We all know the myth of Narcissus who fell in love with his own image and we are generally aware (although we sometimes fail to recognize it) that a degree of narcissism is essential to psychic health. It keeps our self-esteem intact, protecting us from damage inflicted by others. Moreover, without sufficient narcissism, there is a risk of self-hatred and even self-mutilation (if only through plastic surgery). But few people are aware of the extreme form that, since the 1980 edition of the Diagnostic and Statistical Manual of Mental Disorders (DSM IV) has been called the Narcissistic Personality Disorder (NPD). Unlike Narcissus, persons suffering from NPD do not have a beautiful self whose reflection they can fall in love with but rather a false self constructed from the admiration and flattery (termed Narcissistic Supply) that they elicit from others. Their strategy can be reduced to: “Tell me how wonderful I am!” and then, “Since everyone says so, I must be wonderful.” Consequently they are forever in search of fresh supplies of praise and adulation. They profess love only in order to be loved back, the love object being perceived as useful only to the extent of its ability to aggrandize the false self (Manfield, 1992). Clinical Narcissists (distinguished in this article by the use of the capital letter) are relatively rare and female sufferers constitute only about one third of them. Not a great deal is known about Narcissists because they rarely consult – they deny that they have a problem – and when they do they are extremely difficult to deal with. That said, I propose to examine the extent to which Rosamond, albeit a fictional character, exhibits a Narcissistic Personality Disorder as defined in the DSM, having “a pervasive pattern of grandiosity (in fantasy or behavior), need for admiration, and lack of empathy, beginning by early adulthood and present in a variety of contexts, as indicated by five (or more) of the following:

1. The Narcissist “has a grandiose sense of self-importance (e.g., exaggerates achievements and talents, expects to be recognized as superior without commensurate achievements).”

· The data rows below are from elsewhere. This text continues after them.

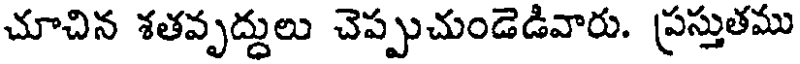
చూచిన శతవృద్దులు చెప్పుచుండెడివారు. ప్రస్తుతము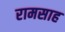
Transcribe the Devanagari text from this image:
रामसाह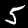
Label: 5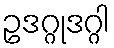
ဥဒဂ္ဂုဒဂ္ဂါ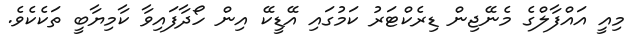
މިއީ އައްފާލްގެ މެނޭޖިން ޑިރެކްޓަރު ކަމުގައި އޭޑީކޭ އިން ހޯދާފައިވާ ކާމިޔާބީ ތަކެކެވެ.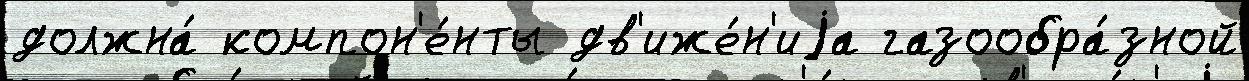
должна́ компон'е́нты дв'иже́н'иjа газообра́зной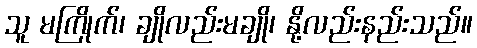
သူ မကြိုက်၊ ချိုလည်းမချို၊ နို့လည်းနည်းသည်။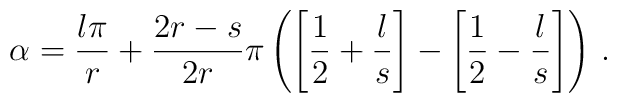
\alpha =\frac{l\pi }{r}+\frac{2r-s}{2r}\pi \left( \left[ \frac{1}{2}+\frac{l}{s}\right] -\left[ \frac{1}{2}-\frac{l}{s}\right] \right) \, .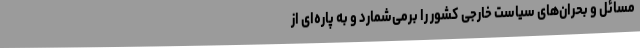
مسائل و بحران‌های سیاست خارجی کشور را برمی‌شمارد و به پاره‌ای از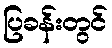
ပြခန်းတွင်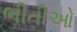
ભીતીઓ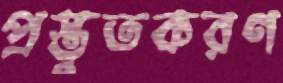
প্রস্তুতকরণ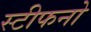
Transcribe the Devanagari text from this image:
स्टीफनो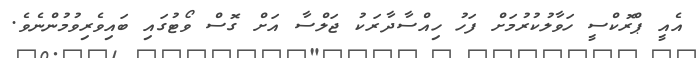
އެއީ ޕްރޮކްސީ ހަވާލުކުރުމަށް ފަހު ހިއްސާދާރަކު ޖަލްސާ އަށް ގޮސް ވޯޓުގައި ބައިވެރިވުމުންނެވެ.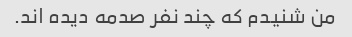
من شنیدم که چند نفر صدمه دیده اند.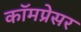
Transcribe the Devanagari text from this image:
कॉमप्रेसर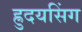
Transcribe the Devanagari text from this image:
ह्रुदयसिंग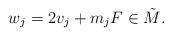
LaTeX: \begin{align*}w_j = 2v_j + m_j F \in \tilde M.\end{align*}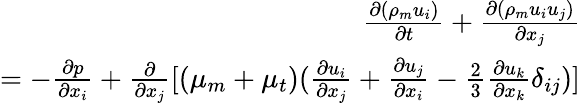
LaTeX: \begin{array}{r}{\frac{\partial(\rho_{m}u_{i})}{\partial t}+\frac{\partial(\rho_{m}u_{i}u_{j})}{\partial x_{j}}}\\ {=-\frac{\partial p}{\partial x_{i}}+\frac{\partial}{\partial x_{j}}[(\mu_{m}+\mu_{t})(\frac{\partial u_{i}}{\partial x_{j}}+\frac{\partial u_{j}}{\partial x_{i}}-\frac{2}{3}\frac{\partial u_{k}}{\partial x_{k}}\delta_{ij})]}\end{array}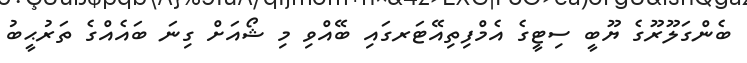
ބެންގަލޫރޫގެ ޔޫބީ ސިޓީގެ އެމްފިތިއޭޓަރގައި ބޭއްވި މި ޝޯއަށް ގިނަ ބައެއްގެ ތަރުޙީބު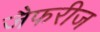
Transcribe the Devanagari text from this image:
जैफरीज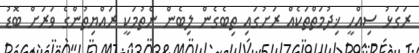
ރަގަޅު ސިއްހީ ޚިދުމަތްތަކެއް ރަށުގައި ތިބެގެން ލިބެން ނެތުމަކީ ރައްޔިތުންގެ ވަރަށް ބޮޑު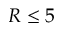
R \le 5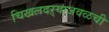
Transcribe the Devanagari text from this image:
चिखलदऱ्याजवळची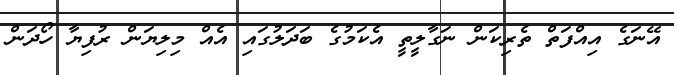
އޭނަގެ އިއްފަތް ތެރިކަން ނަގާލީތީ އެކަމުގެ ބަދަލުގައި އެއް މިލިޔަން ރުފިޔާ ހޯދަން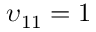
\upsilon _ { 1 1 } = 1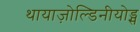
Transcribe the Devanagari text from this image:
थायाज़ोल्डिनीयोड्स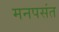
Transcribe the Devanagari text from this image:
मनपसंत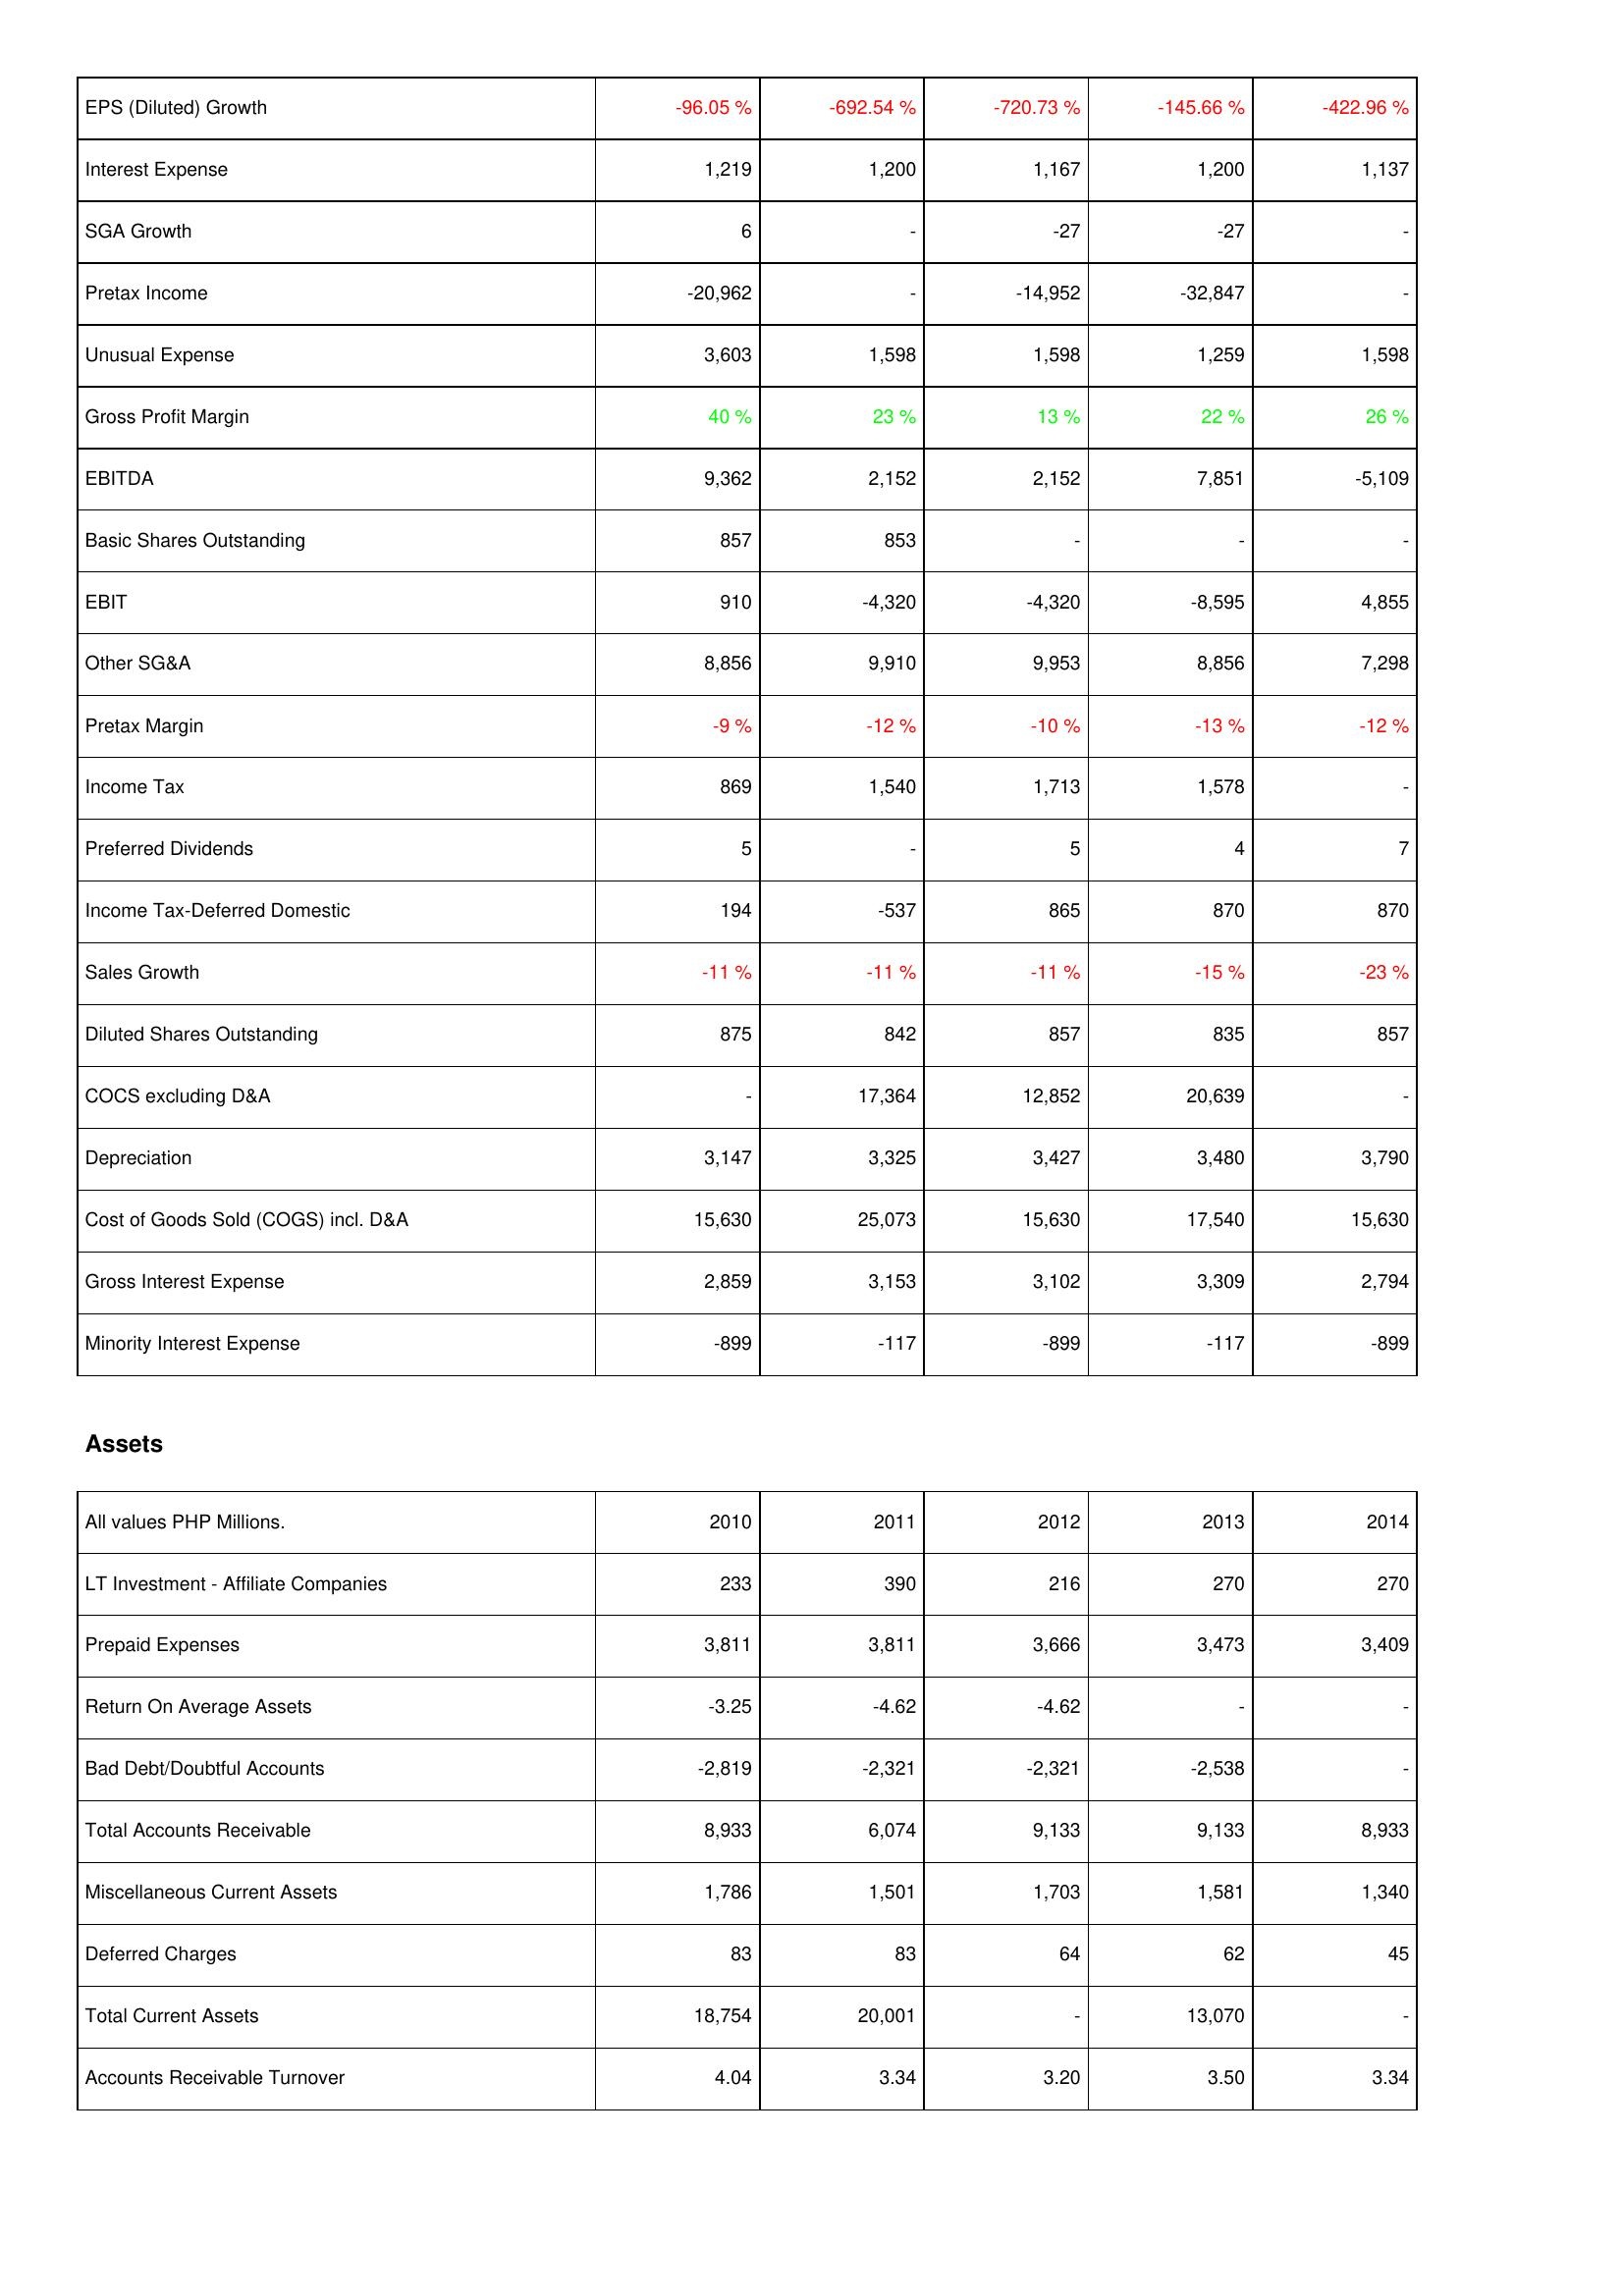
2010: Income Statement: EPS (Diluted) Growth: -96.05 %
Interest Expense: 1,219
SGA Growth: 6
Pretax Income: -20,962
Unusual Expense: 3,603
Gross Profit Margin: 40 %
EBITDA: 9,362
Basic Shares Outstanding: 857
EBIT: 910
Other SG&A: 8,856
Pretax Margin: -9 %
Income Tax: 869
Preferred Dividends: 5
Income Tax-Deferred Domestic: 194
Sales Growth: -11 %
Diluted Shares Outstanding: 875
COCS excluding D&A: -
Depreciation: 3,147
Cost of Goods Sold (COGS) incl. D&A: 15,630
Gross Interest Expense: 2,859
Minority Interest Expense: -899
Assets: LT Investment - Affiliate Companies: 233
Prepaid Expenses: 3,811
Return On Average Assets: -3.25
Bad Debt/Doubtful Accounts: -2,819
Total Accounts Receivable: 8,933
Miscellaneous Current Assets: 1,786
Deferred Charges: 83
Total Current Assets: 18,754
Accounts Receivable Turnover: 4.04
2011: Income Statement: EPS (Diluted) Growth: -692.54 %
Interest Expense: 1,200
SGA Growth: -
Pretax Income: -
Unusual Expense: 1,598
Gross Profit Margin: 23 %
EBITDA: 2,152
Basic Shares Outstanding: 853
EBIT: -4,320
Other SG&A: 9,910
Pretax Margin: -12 %
Income Tax: 1,540
Preferred Dividends: -
Income Tax-Deferred Domestic: -537
Sales Growth: -11 %
Diluted Shares Outstanding: 842
COCS excluding D&A: 17,364
Depreciation: 3,325
Cost of Goods Sold (COGS) incl. D&A: 25,073
Gross Interest Expense: 3,153
Minority Interest Expense: -117
Assets: LT Investment - Affiliate Companies: 390
Prepaid Expenses: 3,811
Return On Average Assets: -4.62
Bad Debt/Doubtful Accounts: -2,321
Total Accounts Receivable: 6,074
Miscellaneous Current Assets: 1,501
Deferred Charges: 83
Total Current Assets: 20,001
Accounts Receivable Turnover: 3.34
2012: Income Statement: EPS (Diluted) Growth: -720.73 %
Interest Expense: 1,167
SGA Growth: -27
Pretax Income: -14,952
Unusual Expense: 1,598
Gross Profit Margin: 13 %
EBITDA: 2,152
Basic Shares Outstanding: -
EBIT: -4,320
Other SG&A: 9,953
Pretax Margin: -10 %
Income Tax: 1,713
Preferred Dividends: 5
Income Tax-Deferred Domestic: 865
Sales Growth: -11 %
Diluted Shares Outstanding: 857
COCS excluding D&A: 12,852
Depreciation: 3,427
Cost of Goods Sold (COGS) incl. D&A: 15,630
Gross Interest Expense: 3,102
Minority Interest Expense: -899
Assets: LT Investment - Affiliate Companies: 216
Prepaid Expenses: 3,666
Return On Average Assets: -4.62
Bad Debt/Doubtful Accounts: -2,321
Total Accounts Receivable: 9,133
Miscellaneous Current Assets: 1,703
Deferred Charges: 64
Total Current Assets: -
Accounts Receivable Turnover: 3.20
2013: Income Statement: EPS (Diluted) Growth: -145.66 %
Interest Expense: 1,200
SGA Growth: -27
Pretax Income: -32,847
Unusual Expense: 1,259
Gross Profit Margin: 22 %
EBITDA: 7,851
Basic Shares Outstanding: -
EBIT: -8,595
Other SG&A: 8,856
Pretax Margin: -13 %
Income Tax: 1,578
Preferred Dividends: 4
Income Tax-Deferred Domestic: 870
Sales Growth: -15 %
Diluted Shares Outstanding: 835
COCS excluding D&A: 20,639
Depreciation: 3,480
Cost of Goods Sold (COGS) incl. D&A: 17,540
Gross Interest Expense: 3,309
Minority Interest Expense: -117
Assets: LT Investment - Affiliate Companies: 270
Prepaid Expenses: 3,473
Return On Average Assets: -
Bad Debt/Doubtful Accounts: -2,538
Total Accounts Receivable: 9,133
Miscellaneous Current Assets: 1,581
Deferred Charges: 62
Total Current Assets: 13,070
Accounts Receivable Turnover: 3.50
2014: Income Statement: EPS (Diluted) Growth: -422.96 %
Interest Expense: 1,137
SGA Growth: -
Pretax Income: -
Unusual Expense: 1,598
Gross Profit Margin: 26 %
EBITDA: -5,109
Basic Shares Outstanding: -
EBIT: 4,855
Other SG&A: 7,298
Pretax Margin: -12 %
Income Tax: -
Preferred Dividends: 7
Income Tax-Deferred Domestic: 870
Sales Growth: -23 %
Diluted Shares Outstanding: 857
COCS excluding D&A: -
Depreciation: 3,790
Cost of Goods Sold (COGS) incl. D&A: 15,630
Gross Interest Expense: 2,794
Minority Interest Expense: -899
Assets: LT Investment - Affiliate Companies: 270
Prepaid Expenses: 3,409
Return On Average Assets: -
Bad Debt/Doubtful Accounts: -
Total Accounts Receivable: 8,933
Miscellaneous Current Assets: 1,340
Deferred Charges: 45
Total Current Assets: -
Accounts Receivable Turnover: 3.34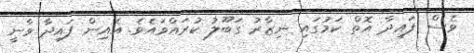
ވެސް ފައިދާ އޮތް ކަމުގައި ނިޒާރު ގަބޫލު ކުރައްވައެވެ. އެއިން ފައިދާ ވާނީ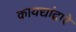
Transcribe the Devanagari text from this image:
कायद्यांद्वारे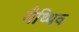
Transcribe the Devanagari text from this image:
मैथ्थिव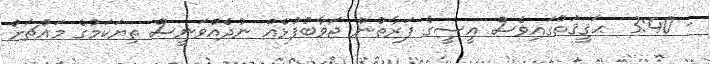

Her snobbery and self-importance are implicit in everything that Rosamond Vincy says and does. Consequently she “disliked anything which reminded her that her mother’s father had been an innkeeper” (Ch. 11). She wants (and obtains) the best quality goods for her trousseau and insists on living in the best available house in Middlemarch, for she is “alive to the slightest hint that anything was not . . . in the very highest taste” (Ch. 27). When Lydgate gets into debt and she countermands his order to the estate agent to seek a fresh tenant for their house, so that they can move somewhere less expensive, she thinks that her action is praiseworthy. Typically for a Narcissist, “It was part of Rosamond’s cleverness to discern very subtly the faintest aroma of rank,” (Ch. 16). Having a baronet’s son staying in her house,

she imagined the knowledge of what was implied by his presence to be diffused through all other minds; and when she introduced Captain Lydgate to her guests, she had a placid sense that his rank penetrated them as if it had been an odour. . . . It seemed now that her marriage was visibly as well as ideally floating her above the Middlemarch level. [Ch. 58]

The “it seemed” in the final sentence translates Rosamond’s perception of her elevated status.

Narcissists can work quite hard in order to justify the admiration they crave, but they generally lack originality; so they brilliantly copy the skills of other people, producing simulacra without true feeling. As soon as Rosamond meets Lydgate, she imagines visiting his titled relatives, “whose finished manners she could appropriate as thoroughly as she had done her school accomplishments” (Ch. 12). And she does just this, copying the “quite agreeable” style of his cousin Captain Lydgate, for he “talked with a good accent, and [she] caught many of its phrases” (Ch 58). Those accomplishments, which had made her “the flower of Mrs Lemon’s school,” included “getting in and out of a carriage” (Ch. 11) and music: singing and playing the piano. Her teacher was one of those excellent musicians . . . worthy to compare with many a noted Kapellmeister. . . . Rosamond, with the executant’s instinct, had seized his manner of playing, and gave forth his large rendering of noble music with the precision of an echo. It was almost startling, heard for the first time. A hidden soul seemed to be flowing forth from Rosamond’s fingers. (Ch. 16) As George Eliot implies, the hidden soul is not Rosamond’s, for she has no depth, and it is this borrowed skill that captivates Lydgate, leading him “to believe in her as something exceptional” (Ch. 16).

2. The Narcissist “is preoccupied with fantasies of unlimited success, power, brilliance, beauty, or ideal love.”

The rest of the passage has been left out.